Assignment:
All entries below must be written out verbatim, and the images must be dropped.

(Records from a data source)

§ §

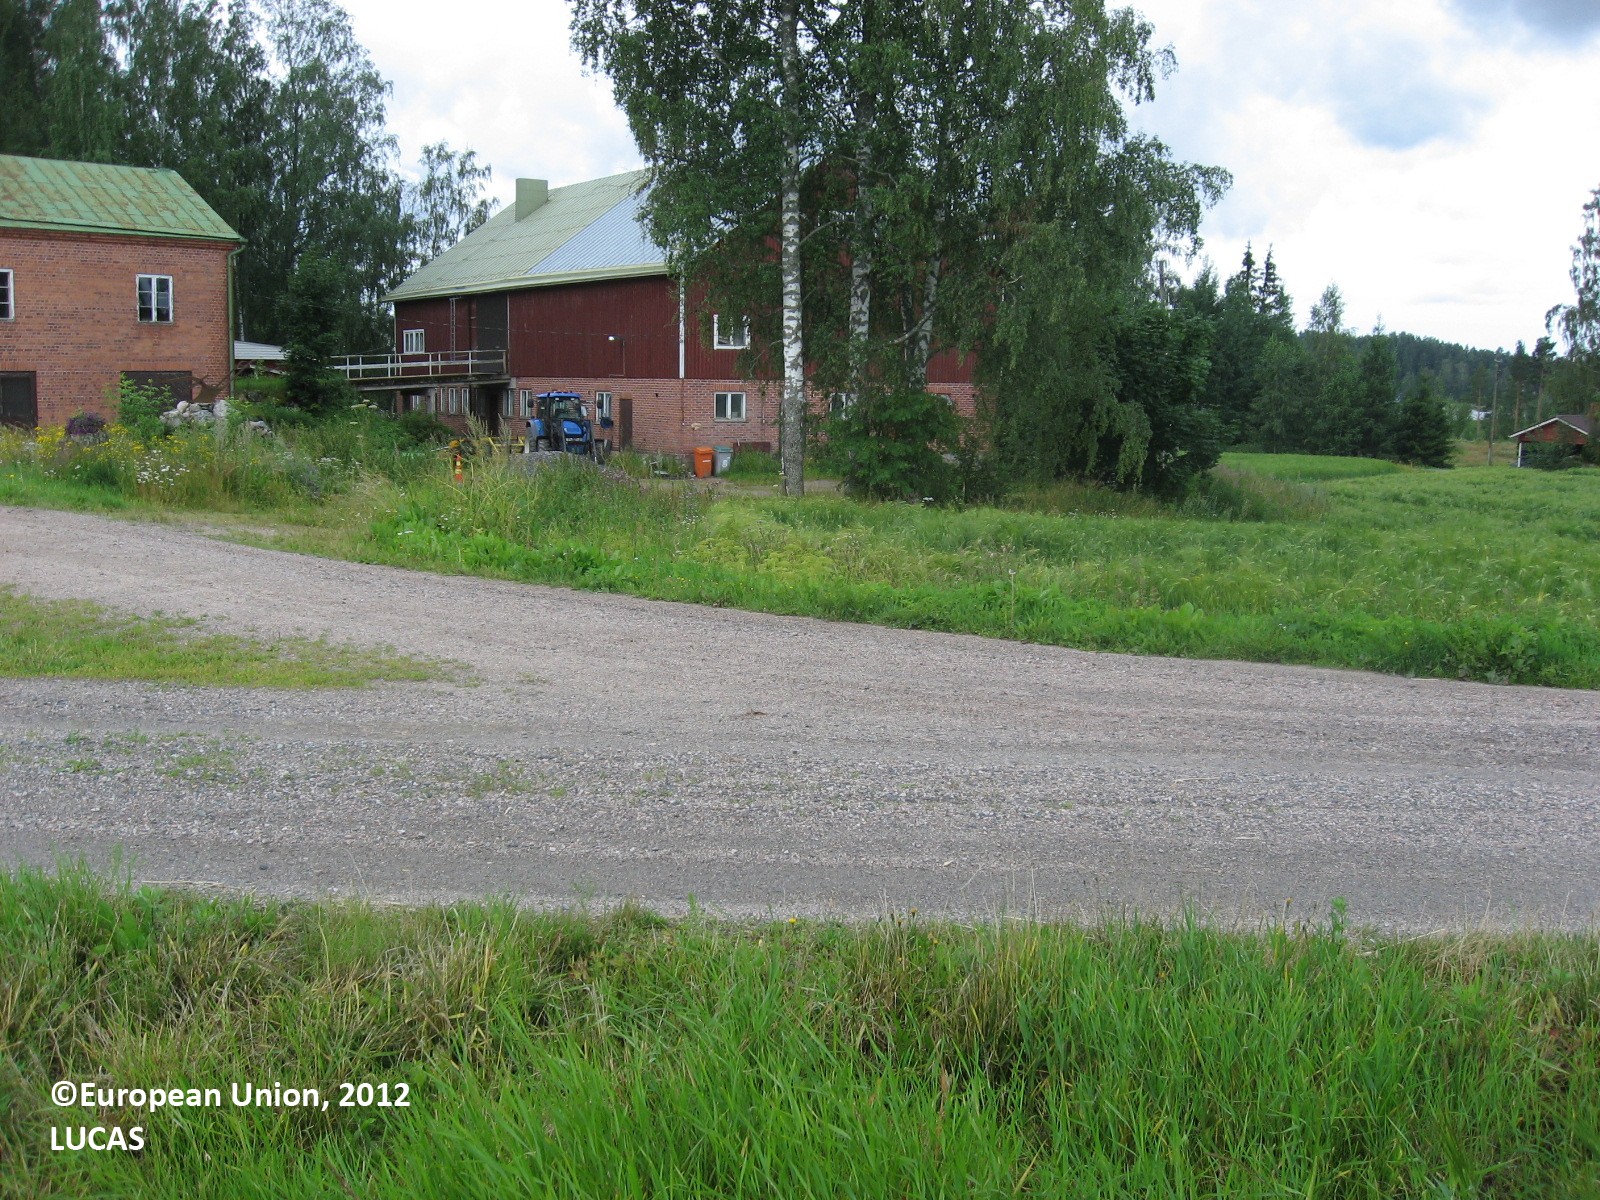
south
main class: Cropland
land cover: Barley
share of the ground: > 75 %
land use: Agriculture (excluding fallow land and kitchen gardens)
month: July
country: FI
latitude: 61.0682
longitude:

§ §

Written solution:
south
main class: Cropland
land cover: Barley
share of the ground: > 75 %
land use: Agriculture (excluding fallow land and kitchen gardens)
month: July
country: FI
latitude: 61.0682
longitude:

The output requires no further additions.